The strategy, as in most revolutionary situations, was terrorism. Partly, terrorism is simply “propaganda of the deed”: a way to make yourself and your ideas known to the population when the public media are under government control. But terrorism also creates significant possibilities for pushing the regime into a policy of extreme repression that alienates the public and drives new recruits into the ranks of the Islamists.
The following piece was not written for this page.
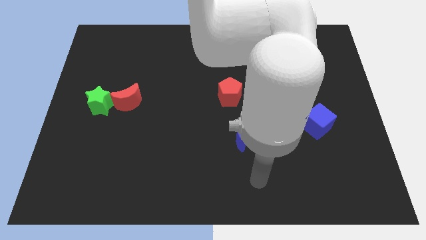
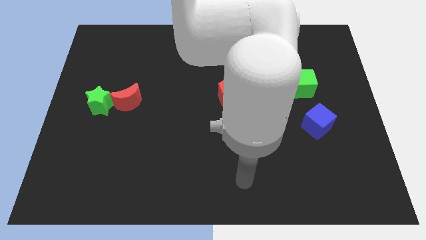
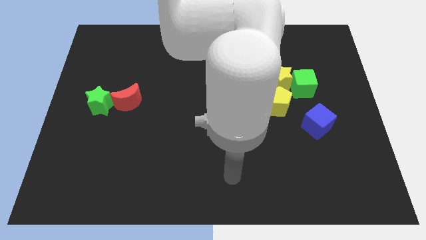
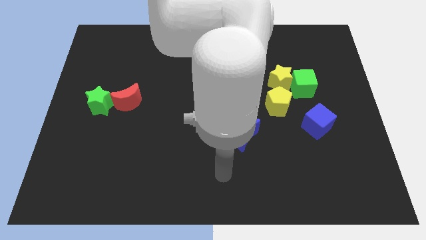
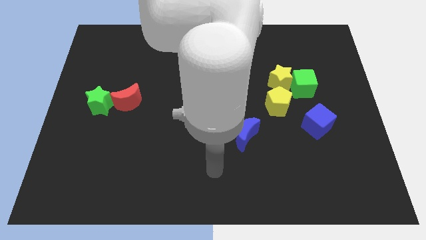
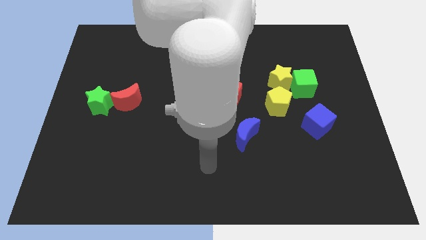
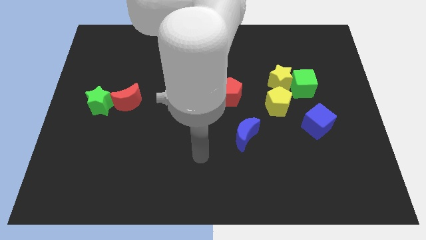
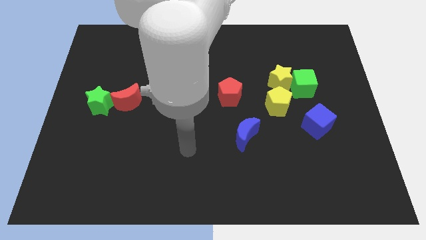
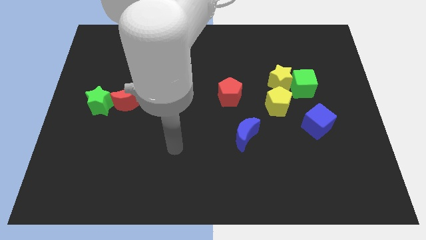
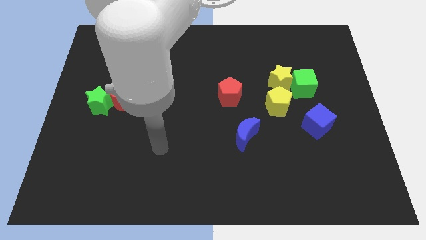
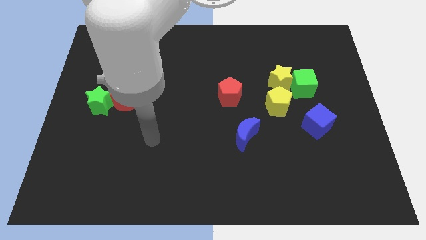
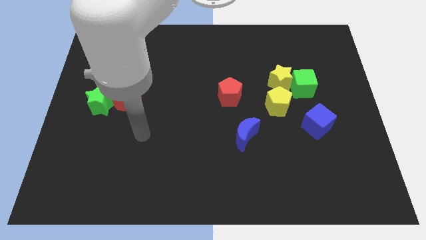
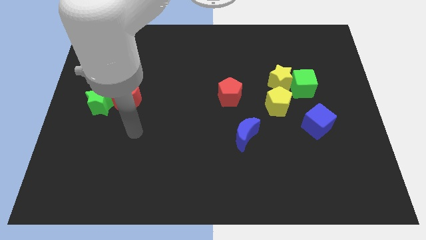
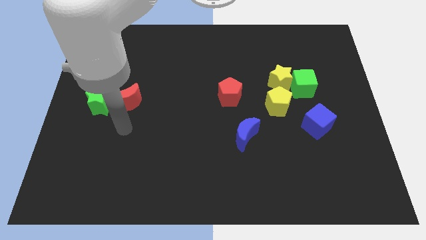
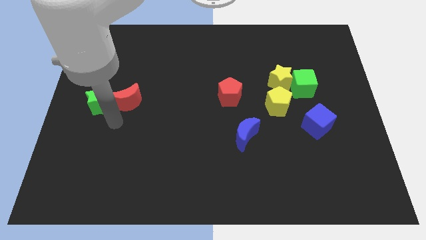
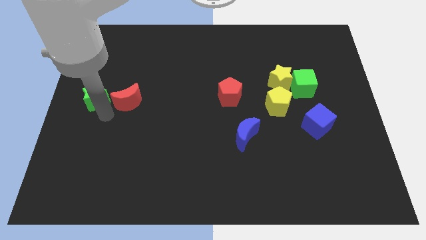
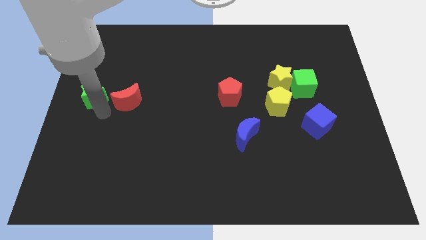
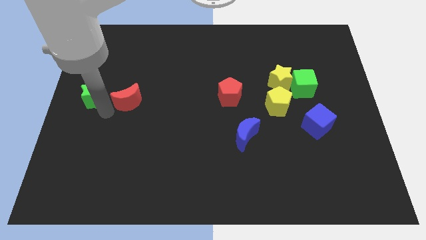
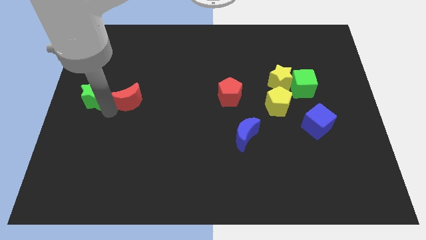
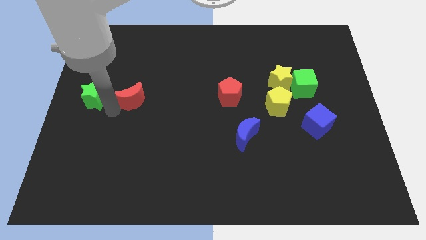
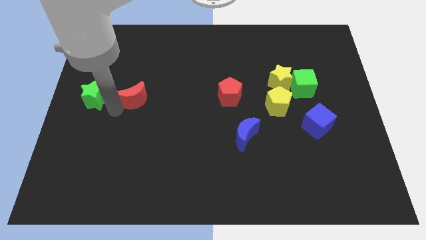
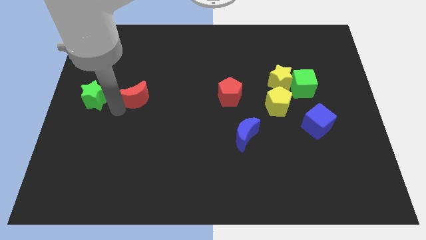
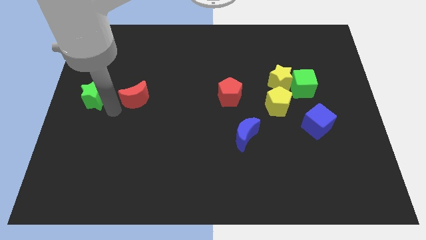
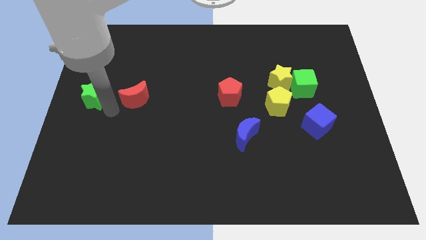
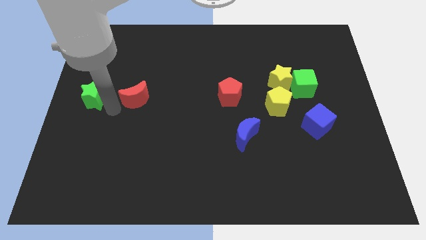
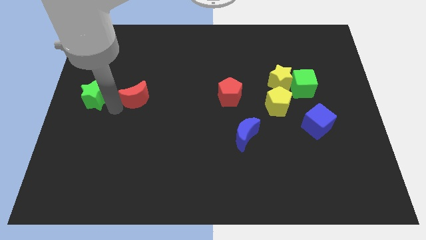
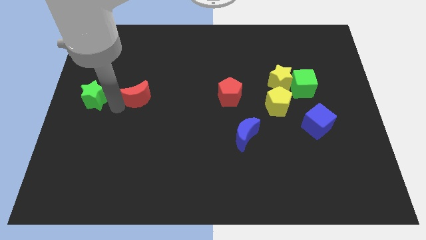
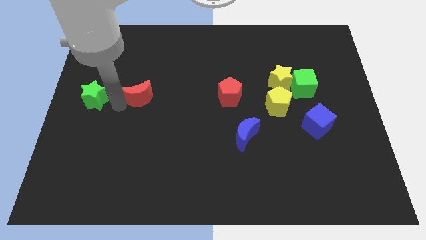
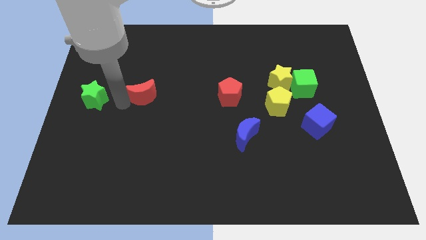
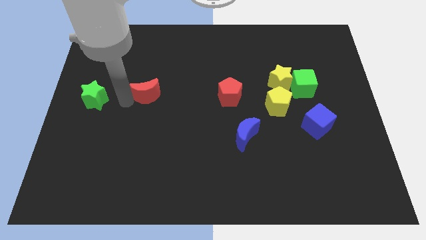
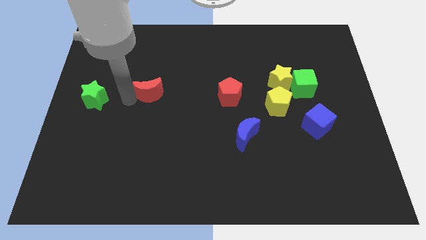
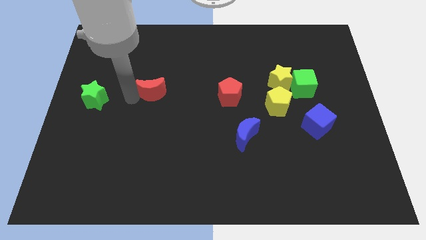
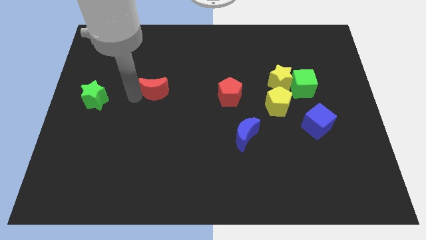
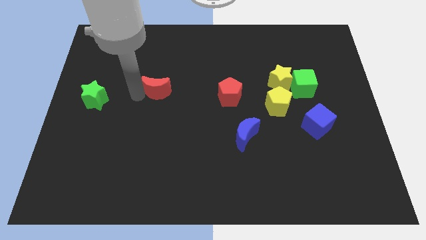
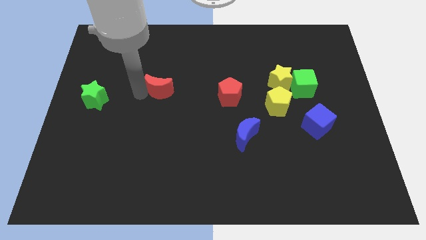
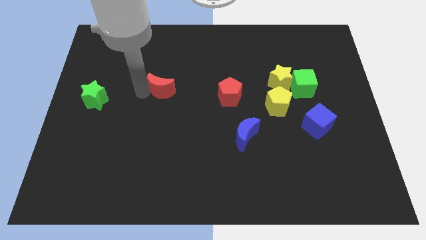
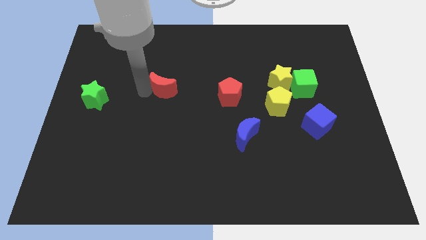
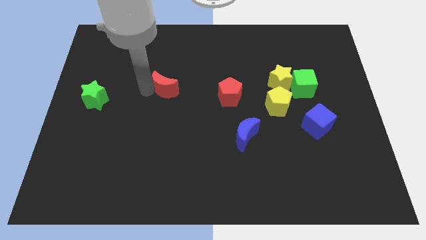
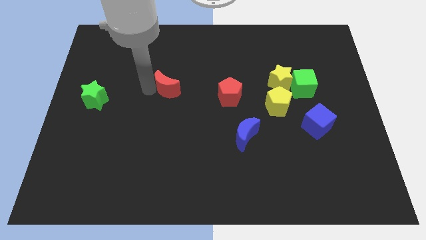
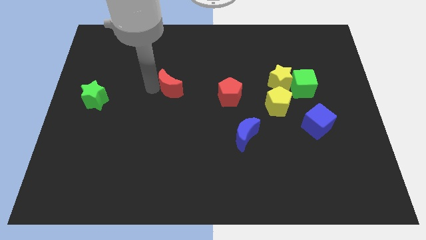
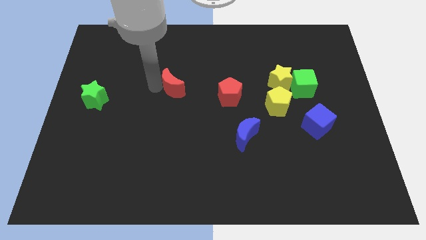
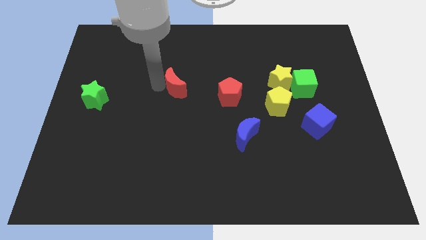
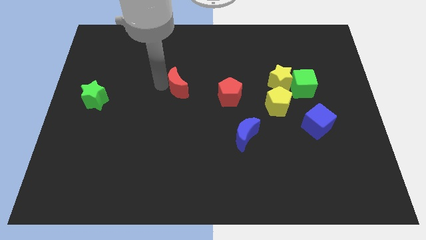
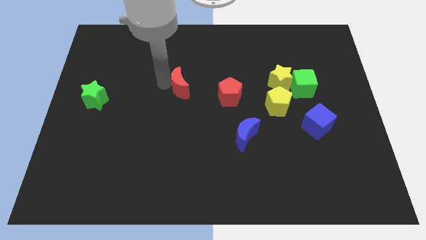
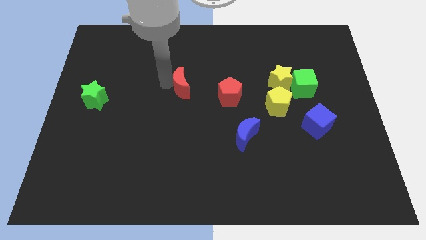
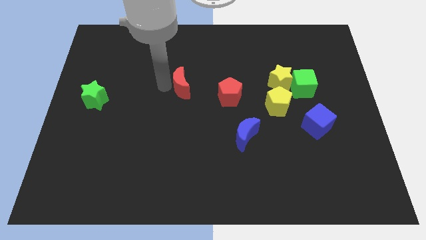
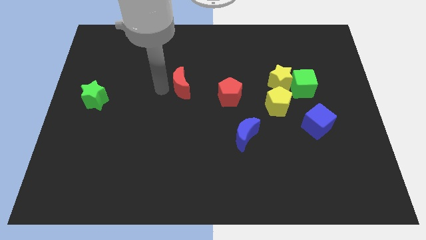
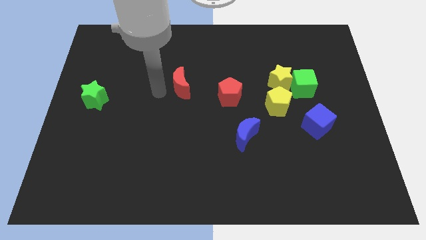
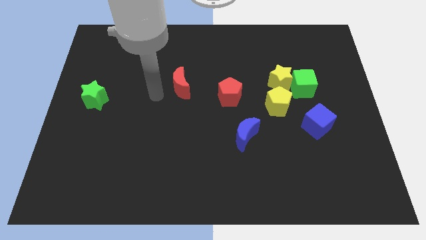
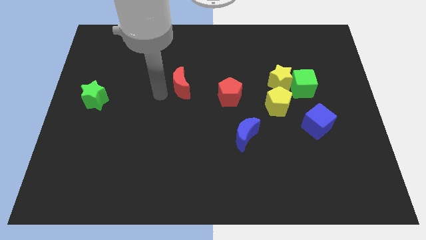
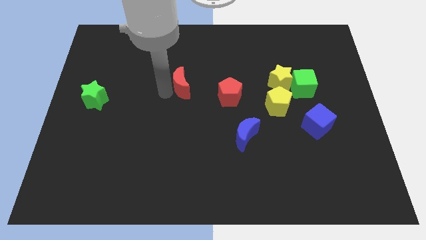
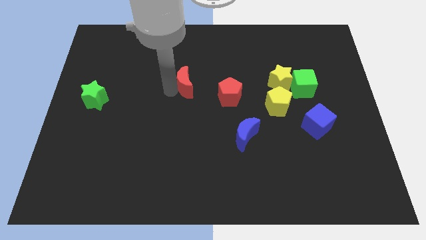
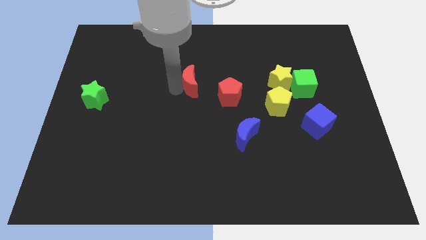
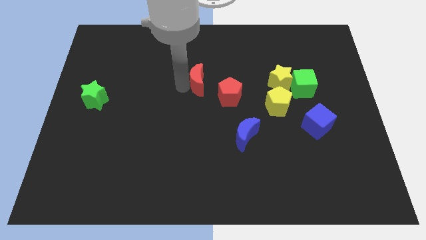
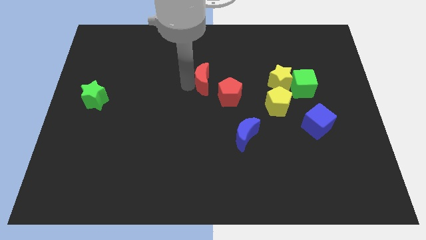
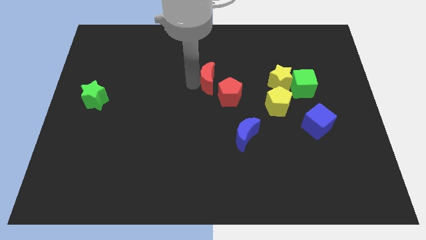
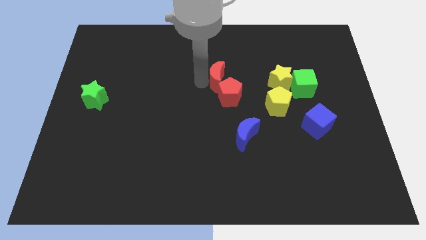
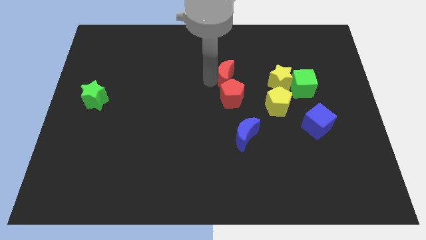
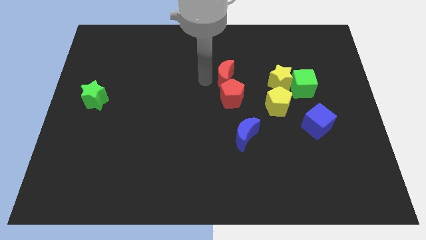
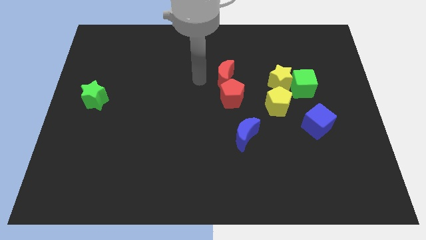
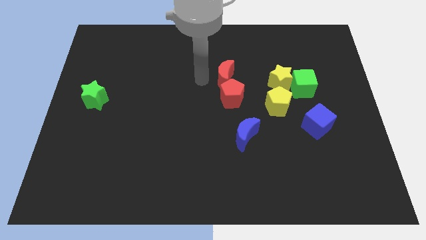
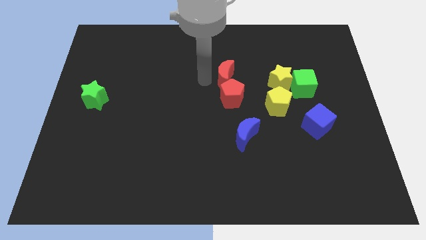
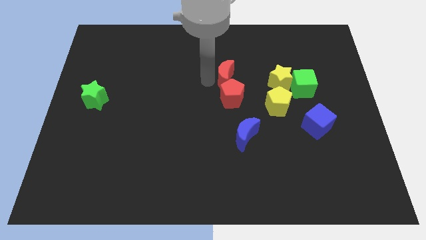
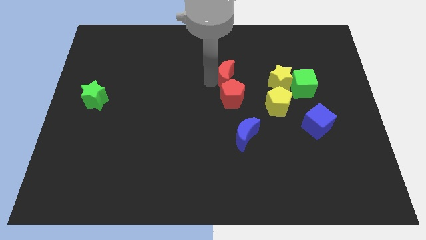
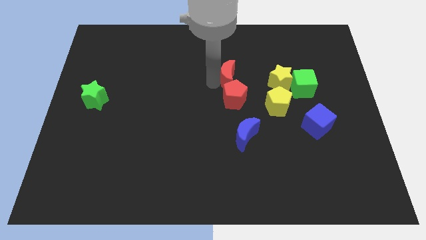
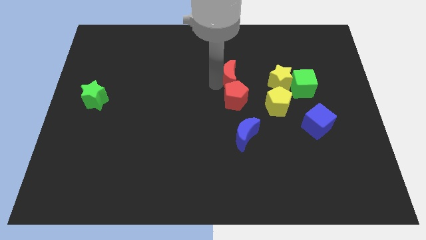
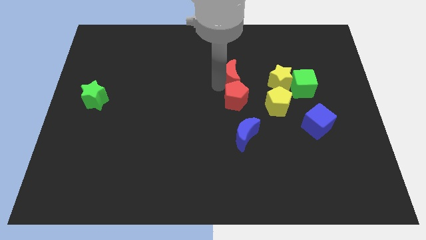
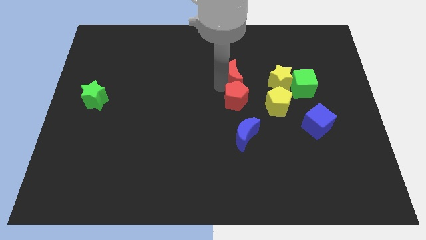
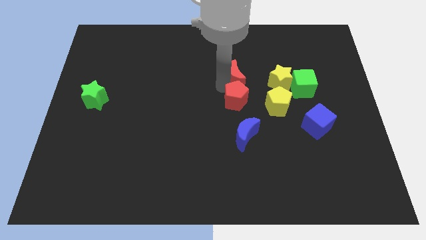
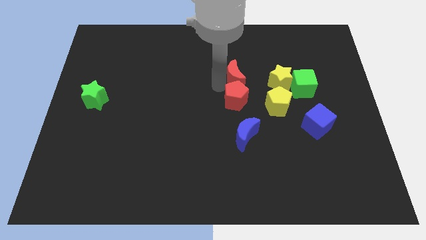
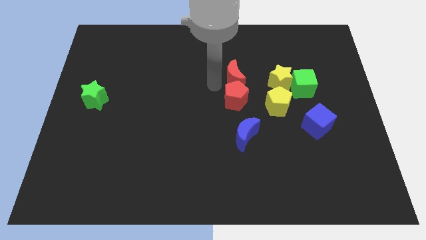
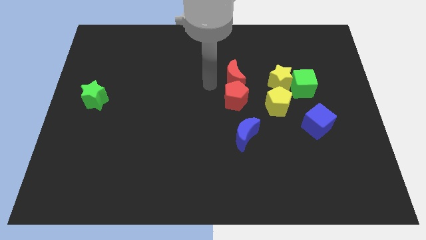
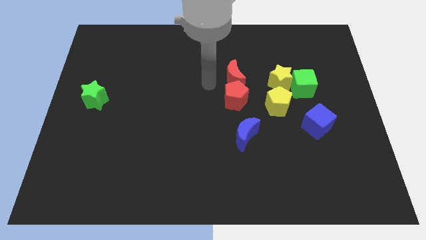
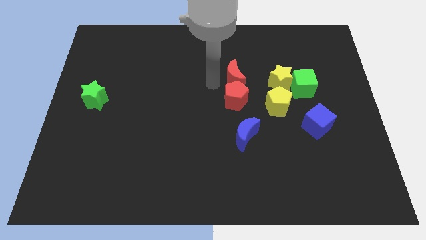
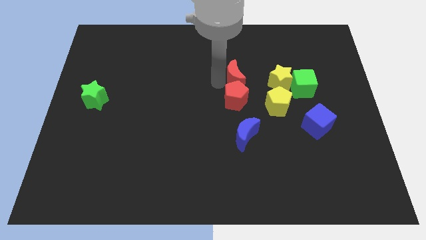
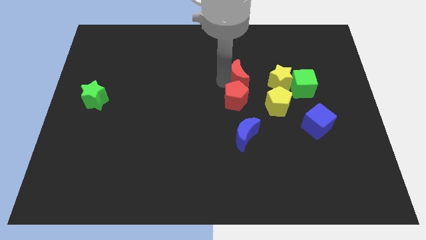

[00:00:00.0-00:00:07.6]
slide the red moon left of the green cube

Terrorism in the modern style is not an Islamist invention. It is a technique that has been around for at least a century, and revolutionaries of every imaginable variety—the Irish Republican Army, the Tamil Tigers in Sri Lanka, the Symbionese Liberation Army in the United States, the Shining Path in Peru, the Japanese Red Army and the Baader-Meinhof Gang in Germany—have availed themselves of terrorist strategies. Generally they have failed, since terrorism’s tactics are far from foolproof. But when you are hopelessly outmatched by the military, political and financial resources of the governments you seek to overthrow, you employ the strategy that’s available to you.
Viewed in that context, the Islamist revolutionary movements have made quite effective use of the technique.

Not all Islamist revolutionary movements turned immediately to violence. At the end of the 1980s, for example, many of the Algerian Islamists persuaded themselves that they might actually win power through the ballot box (although they did not believe that democracy was compatible with Islam, and were unforthcoming on their longer-term plans for the Algerian state—a policy caricatured by their critics as “one man, one vote, one time”). Similarly, the main Egyptian Islamist organization, the Muslim Brotherhood, avoided violence during this period and was rewarded by being allowed some marginal participation in the Egyptian political system (through the election to parliament of “independent” candidates who were not permitted to publicly proclaim their membership in the Brotherhood). Extreme violence in Egypt was the domain of two much smaller Islamist groups, Islamic Jihad, which organized the assassination of Egypt’s president Anwar Assad in 1981, and the Islamic Group, which waged an insurgency against the Egyptian government in 1992–98 that killed almost eight hundred people. The primary targets of the latter group were Egyptian military and political figures, but towards the end of its campaign it also branched out into killing foreign tourists: seventeen Greek tourists outside their Cairo hotel in 1997, and fifty-eight Western and Japanese tourists in Hatshepsut’s temple in Luxor later the same year.

The strategic rationale behind these attacks was much the same as in terrorist campaigns anywhere else in the world. First, they drew the attention of the public to the existence and ideas of the revolutionary organization, in a media environment where it was otherwise very difficult to get the message out. Second, in countries that depended heavily on tourism—more than 5 percent of Egyptian GDP in the late 1990s—attacks on foreign tourists could create great economic hardship by damaging the tourism industry. In terrorism theory, at least, those who lose their jobs because tourists are afraid to come will blame the government for their misfortune rather than the terrorists, and so will be readier to withdraw their consent from the regime and support the revolutionaries.